§ **Instructions to follow**
Write out exactly, and only, the lines below from the line with "City: saskatoon" through the line with "Question: Which university has been designated 397"; pictures do not belong in the copy.

(Source information)

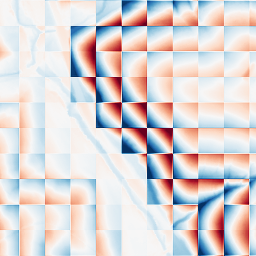
Category: wavelet
Decomposition family: wavelet_dwt
Decomposition parameters: wavelet: haar
level: 5
Upsampling method: edge_directed
Upsampling parameters: scale: 4
Upsampling scale: 4
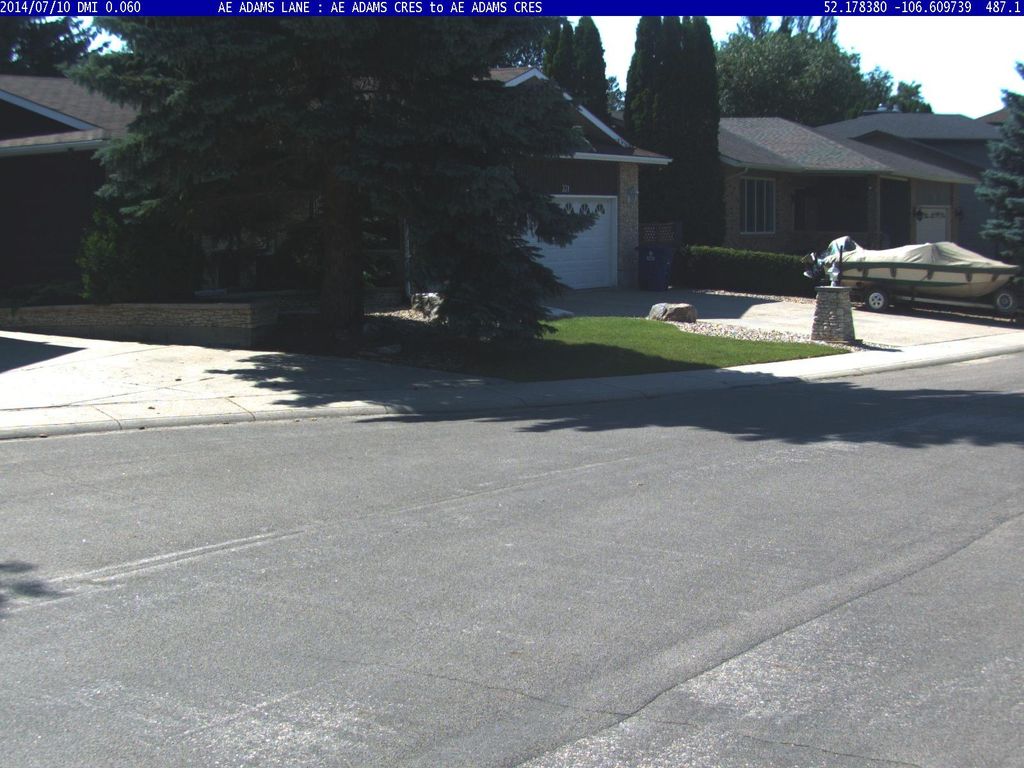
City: saskatoon
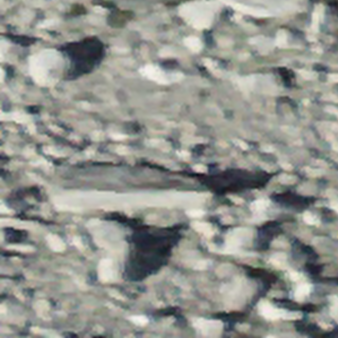
Label: bouldering_area
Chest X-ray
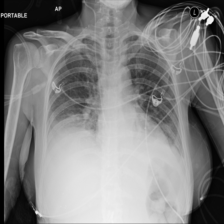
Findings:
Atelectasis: positive
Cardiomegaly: negative
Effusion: negative
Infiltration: negative
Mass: negative
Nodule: negative
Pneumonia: negative
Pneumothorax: negative
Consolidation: negative
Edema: negative
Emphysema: negative
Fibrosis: negative
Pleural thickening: negative
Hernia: negative
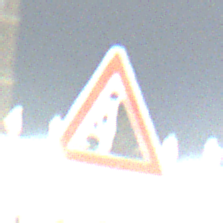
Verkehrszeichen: SteinschlagRechts
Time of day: Night
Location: Outdoor (Urban)
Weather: PartlyCloudy
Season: NotSpecified
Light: Artificial
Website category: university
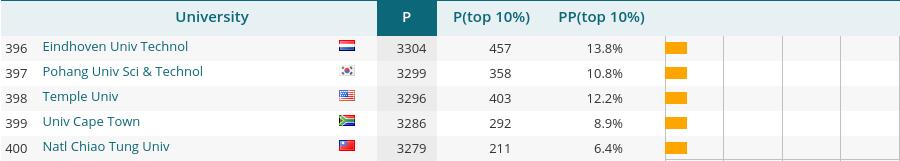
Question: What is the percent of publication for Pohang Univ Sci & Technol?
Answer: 10.8%

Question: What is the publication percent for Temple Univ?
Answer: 12.2%

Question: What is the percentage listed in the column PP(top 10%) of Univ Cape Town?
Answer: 8.9%

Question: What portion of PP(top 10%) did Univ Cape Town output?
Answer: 8.9%

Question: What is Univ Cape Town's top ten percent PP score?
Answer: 8.9%

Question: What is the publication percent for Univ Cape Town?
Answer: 8.9%

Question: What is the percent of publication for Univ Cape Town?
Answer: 8.9%

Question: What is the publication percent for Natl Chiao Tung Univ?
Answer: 6.4%

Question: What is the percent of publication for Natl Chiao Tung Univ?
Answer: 6.4%

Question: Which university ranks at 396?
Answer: Eindhoven Univ Technol

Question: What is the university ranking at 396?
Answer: Eindhoven Univ Technol

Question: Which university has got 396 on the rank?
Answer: Eindhoven Univ Technol

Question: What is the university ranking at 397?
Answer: Pohang Univ Sci & Technol

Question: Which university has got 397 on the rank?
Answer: Pohang Univ Sci & Technol

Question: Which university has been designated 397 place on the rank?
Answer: Pohang Univ Sci & Technol

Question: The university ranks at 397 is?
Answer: Pohang Univ Sci & Technol

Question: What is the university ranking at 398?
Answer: Temple Univ

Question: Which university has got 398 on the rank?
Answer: Temple Univ

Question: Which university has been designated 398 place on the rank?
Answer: Temple Univ

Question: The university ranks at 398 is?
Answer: Temple Univ

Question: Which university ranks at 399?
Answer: Univ Cape Town

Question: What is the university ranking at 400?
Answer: Natl Chiao Tung Univ

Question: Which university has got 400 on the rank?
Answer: Natl Chiao Tung Univ

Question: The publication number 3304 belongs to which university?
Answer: Eindhoven Univ Technol

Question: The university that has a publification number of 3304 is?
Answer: Eindhoven Univ Technol

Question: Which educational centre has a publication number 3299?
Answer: Pohang Univ Sci & Technol

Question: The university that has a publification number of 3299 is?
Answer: Pohang Univ Sci & Technol

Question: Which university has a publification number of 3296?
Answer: Temple Univ

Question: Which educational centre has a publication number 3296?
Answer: Temple Univ

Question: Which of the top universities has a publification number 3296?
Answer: Temple Univ

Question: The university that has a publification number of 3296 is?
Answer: Temple Univ

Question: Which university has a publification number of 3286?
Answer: Univ Cape Town

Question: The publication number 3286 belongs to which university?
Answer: Univ Cape Town

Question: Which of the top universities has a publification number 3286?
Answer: Univ Cape Town

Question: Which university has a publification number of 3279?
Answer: Natl Chiao Tung Univ

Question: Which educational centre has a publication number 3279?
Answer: Natl Chiao Tung Univ

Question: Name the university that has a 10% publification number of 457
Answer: Eindhoven Univ Technol

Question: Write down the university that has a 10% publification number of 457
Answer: Eindhoven Univ Technol

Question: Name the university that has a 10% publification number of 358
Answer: Pohang Univ Sci & Technol

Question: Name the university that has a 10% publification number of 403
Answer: Temple Univ

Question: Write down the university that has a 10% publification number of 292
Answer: Univ Cape Town

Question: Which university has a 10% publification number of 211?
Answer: Natl Chiao Tung Univ

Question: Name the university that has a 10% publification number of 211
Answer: Natl Chiao Tung Univ

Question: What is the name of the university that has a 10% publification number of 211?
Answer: Natl Chiao Tung Univ

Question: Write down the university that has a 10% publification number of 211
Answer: Natl Chiao Tung Univ
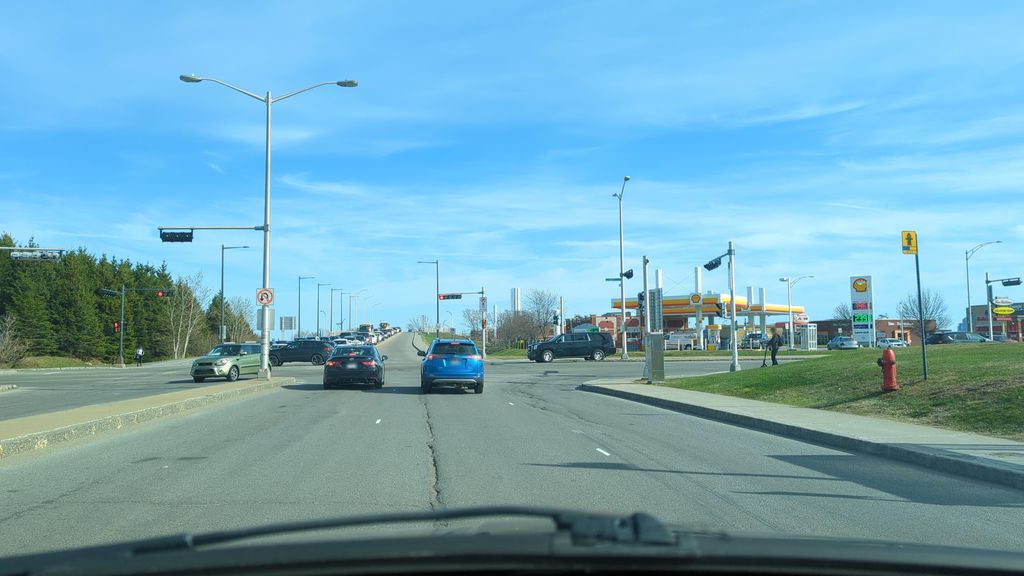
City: quebec_city
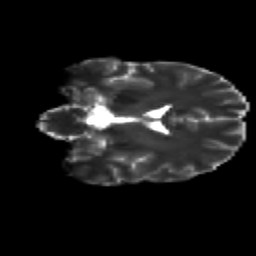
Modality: T2w
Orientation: coronal
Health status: healthy
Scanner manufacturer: siemens
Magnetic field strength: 3 T
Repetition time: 12 s
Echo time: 0.092 s
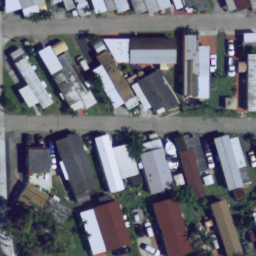
Label: residential
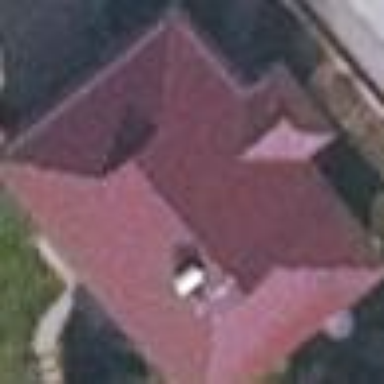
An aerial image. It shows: Simple house.
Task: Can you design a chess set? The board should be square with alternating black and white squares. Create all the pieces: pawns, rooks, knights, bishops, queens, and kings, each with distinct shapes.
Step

(End Source information)

§ **Answer section**
City: saskatoon
Label: bouldering_area
Chest X-ray
Findings:
Atelectasis: positive
Cardiomegaly: negative
Effusion: negative
Infiltration: negative
Mass: negative
Nodule: negative
Pneumonia: negative
Pneumothorax: negative
Consolidation: negative
Edema: negative
Emphysema: negative
Fibrosis: negative
Pleural thickening: negative
Hernia: negative
Verkehrszeichen: SteinschlagRechts
Time of day: Night
Location: Outdoor (Urban)
Weather: PartlyCloudy
Season: NotSpecified
Light: Artificial
Website category: university
Question: What is the percent of publication for Pohang Univ Sci & Technol?
Answer: 10.8%

Question: What is the publication percent for Temple Univ?
Answer: 12.2%

Question: What is the percentage listed in the column PP(top 10%) of Univ Cape Town?
Answer: 8.9%

Question: What portion of PP(top 10%) did Univ Cape Town output?
Answer: 8.9%

Question: What is Univ Cape Town's top ten percent PP score?
Answer: 8.9%

Question: What is the publication percent for Univ Cape Town?
Answer: 8.9%

Question: What is the percent of publication for Univ Cape Town?
Answer: 8.9%

Question: What is the publication percent for Natl Chiao Tung Univ?
Answer: 6.4%

Question: What is the percent of publication for Natl Chiao Tung Univ?
Answer: 6.4%

Question: Which university ranks at 396?
Answer: Eindhoven Univ Technol

Question: What is the university ranking at 396?
Answer: Eindhoven Univ Technol

Question: Which university has got 396 on the rank?
Answer: Eindhoven Univ Technol

Question: What is the university ranking at 397?
Answer: Pohang Univ Sci & Technol

Question: Which university has got 397 on the rank?
Answer: Pohang Univ Sci & Technol

Question: Which university has been designated 397 place on the rank?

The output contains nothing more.